**** INFORMATION PROVIDED ****

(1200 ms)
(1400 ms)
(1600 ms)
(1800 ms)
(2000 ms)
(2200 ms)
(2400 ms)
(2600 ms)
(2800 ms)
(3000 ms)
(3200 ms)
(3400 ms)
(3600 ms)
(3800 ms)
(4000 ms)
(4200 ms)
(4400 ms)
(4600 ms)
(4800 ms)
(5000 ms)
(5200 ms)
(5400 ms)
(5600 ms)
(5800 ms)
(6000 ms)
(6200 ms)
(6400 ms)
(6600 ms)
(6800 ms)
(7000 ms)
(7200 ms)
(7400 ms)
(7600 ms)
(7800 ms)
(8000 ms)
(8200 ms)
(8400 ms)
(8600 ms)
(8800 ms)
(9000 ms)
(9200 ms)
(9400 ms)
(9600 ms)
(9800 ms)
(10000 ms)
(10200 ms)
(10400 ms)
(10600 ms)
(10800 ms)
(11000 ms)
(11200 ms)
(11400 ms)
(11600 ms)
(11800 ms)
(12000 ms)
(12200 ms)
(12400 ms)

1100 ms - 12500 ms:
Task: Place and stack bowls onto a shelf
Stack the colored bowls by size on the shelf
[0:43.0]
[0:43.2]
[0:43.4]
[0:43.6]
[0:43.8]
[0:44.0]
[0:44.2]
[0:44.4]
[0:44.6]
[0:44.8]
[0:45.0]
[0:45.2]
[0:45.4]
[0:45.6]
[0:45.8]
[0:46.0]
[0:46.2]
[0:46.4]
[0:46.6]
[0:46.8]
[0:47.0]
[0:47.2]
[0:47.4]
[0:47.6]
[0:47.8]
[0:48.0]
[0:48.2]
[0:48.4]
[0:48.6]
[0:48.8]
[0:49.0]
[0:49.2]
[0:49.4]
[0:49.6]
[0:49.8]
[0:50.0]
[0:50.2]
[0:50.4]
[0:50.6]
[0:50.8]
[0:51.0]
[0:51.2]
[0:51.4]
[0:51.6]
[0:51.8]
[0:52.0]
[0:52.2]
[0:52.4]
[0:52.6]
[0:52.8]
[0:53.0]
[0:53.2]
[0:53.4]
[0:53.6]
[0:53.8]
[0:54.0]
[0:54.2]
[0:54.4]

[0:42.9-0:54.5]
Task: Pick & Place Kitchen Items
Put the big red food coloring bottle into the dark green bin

****

| EXERCISE DETAILS |
The expected output is the complete listing, word for word.

| ANSWER TO THIS TASK |
(1200 ms)
(1400 ms)
(1600 ms)
(1800 ms)
(2000 ms)
(2200 ms)
(2400 ms)
(2600 ms)
(2800 ms)
(3000 ms)
(3200 ms)
(3400 ms)
(3600 ms)
(3800 ms)
(4000 ms)
(4200 ms)
(4400 ms)
(4600 ms)
(4800 ms)
(5000 ms)
(5200 ms)
(5400 ms)
(5600 ms)
(5800 ms)
(6000 ms)
(6200 ms)
(6400 ms)
(6600 ms)
(6800 ms)
(7000 ms)
(7200 ms)
(7400 ms)
(7600 ms)
(7800 ms)
(8000 ms)
(8200 ms)
(8400 ms)
(8600 ms)
(8800 ms)
(9000 ms)
(9200 ms)
(9400 ms)
(9600 ms)
(9800 ms)
(10000 ms)
(10200 ms)
(10400 ms)
(10600 ms)
(10800 ms)
(11000 ms)
(11200 ms)
(11400 ms)
(11600 ms)
(11800 ms)
(12000 ms)
(12200 ms)
(12400 ms)

1100 ms - 12500 ms:
Task: Place and stack bowls onto a shelf
Stack the colored bowls by size on the shelf
[0:43.0]
[0:43.2]
[0:43.4]
[0:43.6]
[0:43.8]
[0:44.0]
[0:44.2]
[0:44.4]
[0:44.6]
[0:44.8]
[0:45.0]
[0:45.2]
[0:45.4]
[0:45.6]
[0:45.8]
[0:46.0]
[0:46.2]
[0:46.4]
[0:46.6]
[0:46.8]
[0:47.0]
[0:47.2]
[0:47.4]
[0:47.6]
[0:47.8]
[0:48.0]
[0:48.2]
[0:48.4]
[0:48.6]
[0:48.8]
[0:49.0]
[0:49.2]
[0:49.4]
[0:49.6]
[0:49.8]
[0:50.0]
[0:50.2]
[0:50.4]
[0:50.6]
[0:50.8]
[0:51.0]
[0:51.2]
[0:51.4]
[0:51.6]
[0:51.8]
[0:52.0]
[0:52.2]
[0:52.4]
[0:52.6]
[0:52.8]
[0:53.0]
[0:53.2]
[0:53.4]
[0:53.6]
[0:53.8]
[0:54.0]
[0:54.2]
[0:54.4]

[0:42.9-0:54.5]
Task: Pick & Place Kitchen Items
Put the big red food coloring bottle into the dark green bin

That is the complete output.